Mice harboring the lamin A/C (Lmna) null mutation are a model for the autosomal variant of Emery-Dreifuss muscular dystrophy (EDMD) and may be useful in studying the role of lamins, inner nuclear membrane proteins, nuclear envelope integrity, and chromatin domain anchoring sites in EDMD.
Brian K Kennedy, University of Washington
Mice heterozygotes for this lamin A/C mutation are viable and fertile. The targeted allele does not express both full-length transcripts or stable lamin A/C protein. Homozygotes (Lmna -/- mice) exhibit severely retarded postnatal growth beginning as early as 2 weeks of age and abnormal movement/gait by 3-4 weeks of age that progresses to distinct scoliosis/kyphosis and death around 8 weeks of age. Lmna -/- mice also have tissue-specific alterations of nuclear envelope integrity and mislocalization of the inner nuclear membrane protein emerin. In skeletal and cardiac muscle, this results in rapid myopathic onset closely resembling Emery-Dreifuss muscular dystrophy (EDMD). These mice are a model for the autosomal variant of EDMD and may be useful in studying the role of lamins, inner nuclear membrane proteins, nuclear envelope integrity, and chromatin domain anchoring sites in EDMD.
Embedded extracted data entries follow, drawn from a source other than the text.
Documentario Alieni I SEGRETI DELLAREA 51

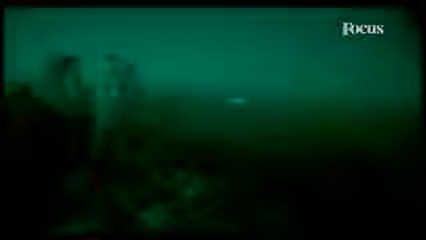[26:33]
la base è a 40 chilometri di distanza ma l'immobilità dell'aria del deserto e l'assenza di umidità ne rimandano un'immagine chiarissima
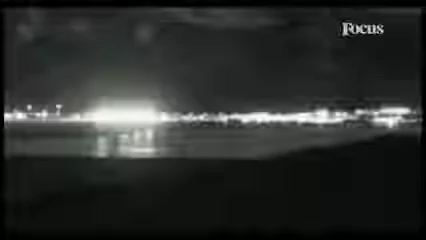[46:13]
numerosi sono gli avvistamenti di strane luci sospese sulla base e ora stiamo parlando del caso 55101 i segreti dell'area 51 è enorme
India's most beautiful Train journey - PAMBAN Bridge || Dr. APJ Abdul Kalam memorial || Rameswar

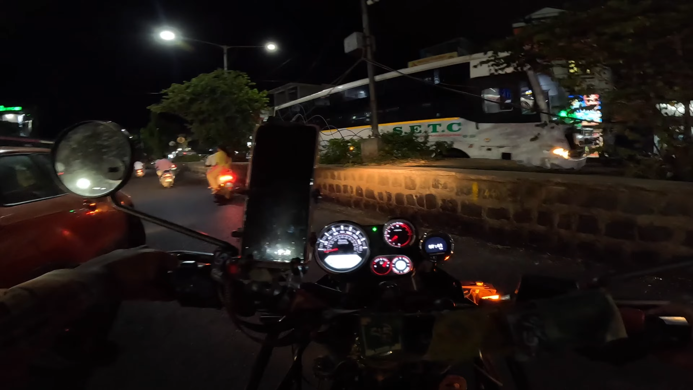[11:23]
अबे कब से बता रहा हूँ तू राइट ले, राइट ले, चल ले ले, अभी मैं रोकता हूँ ट्रैफिक को, ले ले ले। ट्रैफिक की वजह से सबकी बत्ती गुल हो गई है अभी

In an attempt to offer alleles on well-characterized or multiple genetic backgrounds, alleles are frequently moved to a genetic background different from that on which an allele was first characterized. It should be noted that the phenotype could vary from that originally described. We will modify the strain description if necessary as published results become available.
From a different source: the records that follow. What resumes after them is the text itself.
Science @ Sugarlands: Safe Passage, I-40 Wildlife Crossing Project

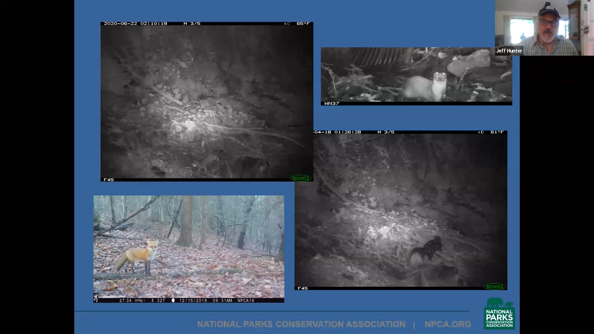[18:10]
And then the common red fox in the lower left-hand corner. We also photographed less often its kin, the gray fox. Gray foxes also like spotted skunks can climb trees. Who knew? So here is a photo
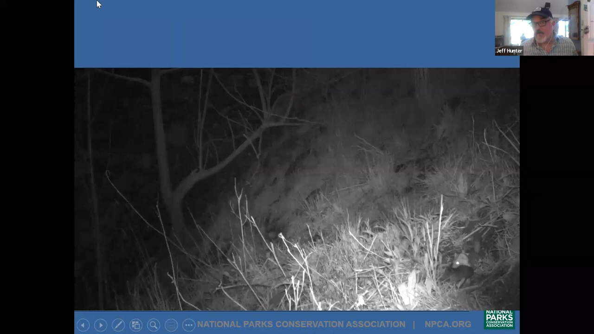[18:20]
from some new research we've just started conducting on Interstate 26 in Tennessee and North Carolina. And this down here is a long-tailed weasel under a highway bridge carrying a large rat. So he's this is one happy weasel right here. Look at the tail is up. Eyes are wide open. Ears are erect. And that is a big rat right here in the mouth of a little critter.
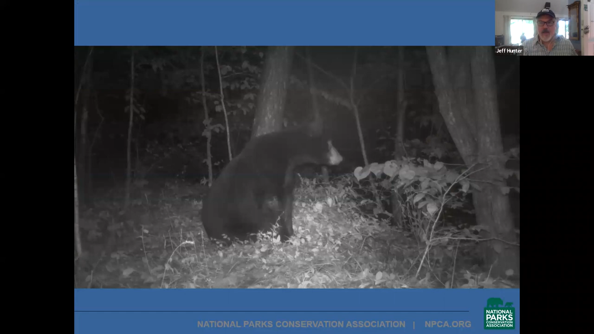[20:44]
We see this with coyotes also and other mammals sometimes looking down.
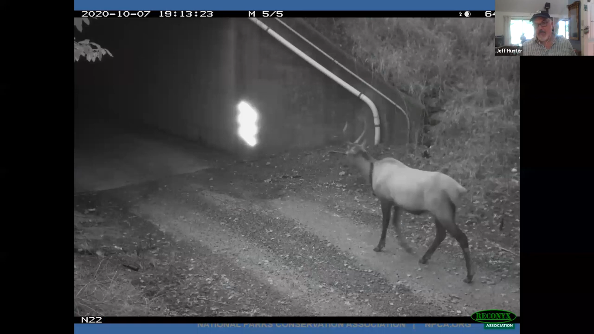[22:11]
now unlike that black bear you just saw this elk no hesitation whatsoever in one side out the other this young bull we call a traveler it was born
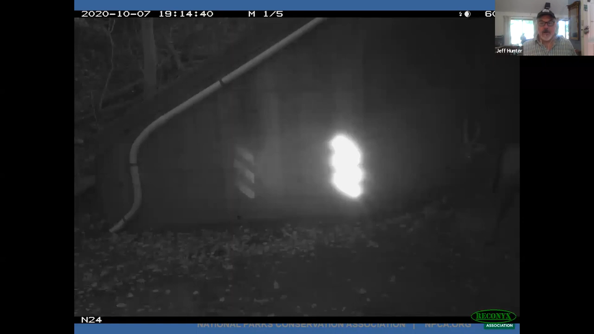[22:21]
in the park it left the park went down to South Carolina returned to the park went over to Tennessee came back to North Carolina crossed through this box culvert went back to Tennessee where it was legally harvested by a deer hunter in Tennessee whether you not have an elk hunt so but this animal before it passed certainly taught us a lot about habitat selection and what sort of habitat it moves through
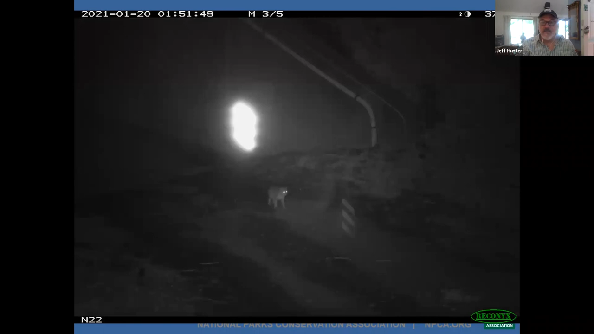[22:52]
this is a little bit harder to see but this is a bobcat again no no hesitation in and out bobcats are pretty stealthy they do prefer things like wildlife
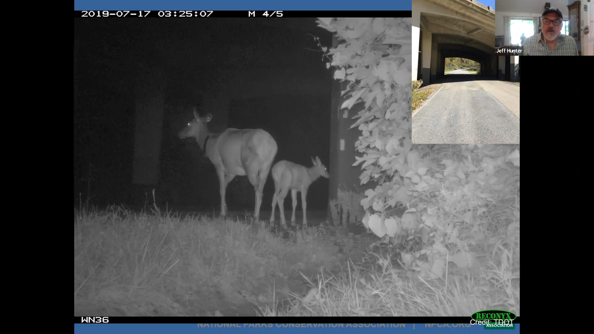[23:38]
the collar data and you can see she's wearing a gps collar here told us where she's crossing well guess where she crossed back to the park from the other side it's at waterville on the state line this is the Appalachian trail this is where hikers cross under I-40 and elk were doing the same thing so very smart animal as I mentioned they did cross the pavement multiple times and it's miraculous they're still with us
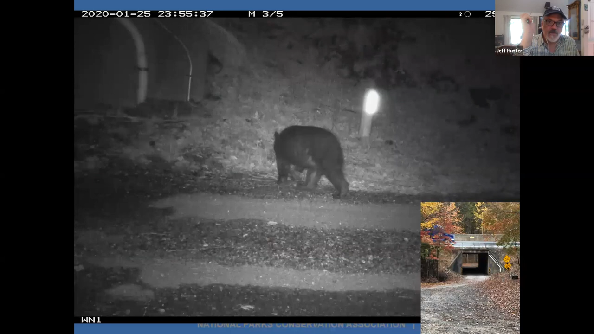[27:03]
this is the concrete box culvert where we saw some animals moving through this is adjacent to the Wilkins Creek tract I mentioned earlier that was acquired by the Southern Appalachian Highlands Conservancy and here's a large male bear diverting and crossing the highway at grade that's how they get killed it doesn't want to use this structure goes up top and we find dead bears here far too often so this is an area we're looking at fencing to improve the use of this structure and if that doesn't work potentially a wildlife overpass somewhere near here

These lamin A/C-mutant mice were published in 1999 and generated by the laboratory of Dr. Colin L. Stewart (National Cancer Institute-Frederick Cancer Research and Development Center, Maryland). A targeting vector was designed to replace exon 8 through part of exon 11 of the lamin A/C (Lmna) locus with a reverse-oriented PGK-neomycin resistance cassette. This removed 114 codons as well as the 3' UTR, including the polyadenylation signal of lamin C, whereas 152 codons were eliminated from the lamin A coding region. The targeting construct was electroporated into 129S1/Sv-Oca2+ Tyr+ Kitl+-derived W9.5 embryonic stem (ES) cells. Correctly targeted ES cells were injected into recipient blastocysts and the resulting mutant mice were maintained on an undisclosed genetic background. In 2006, Lmna-mutant mice were sent to the laboratory of Brian K. Kennedy (University of Washington, Seattle) where they were subsequently backcrossed to C57BL/6J inbred mice for at least nine generations prior to sending to The Jackson Laboratory. Upon arrival, mice were bred with C57BL/6J inbred mice (Stock No. 000664) for at least one generation to establish the mutant colony. The Y chromosome may not have been fixed to the genetic background during the backcross.
|Allele Name||targeted mutation 1, Colin L Stewart|
|Allele Type||Targeted (Null/Knockout)|
|Gene Symbol and Name||Lmna, lamin A|
|Strain of Origin||129S1/Sv-Oca2+ Tyr+ Kitl+|
|Molecular Note||A PGK-neomycin resistance cassette replaced a genomic segment containing exons 8-10. Western blot analysis on extracts of both embryonic fibroblasts and liver nuclear membranes from homozygous mice confirmed that no detectable protein was expressed from this allele.|
|Mutations Made By|| |
Colin Stewart, Institute of Medical Biology, A-Star
When maintaining a live colony, heterozygous mice may be bred to wildtype siblings or C57BL/6J inbred mice (Stock No. 000664). Homozygous mice rapidly develop muscular dystrophy; manifest around 3-4 weeks of age with abnormal movement and gait, which progresses to distinct scoliosis/kyphosis and death around 8 weeks of age.
When using the B6.129S1(Cg)-Lmnatm1Stw/BkknJ mouse strain in a publication, please cite the originating article(s) and include JAX stock #009125 in your Materials and Methods section.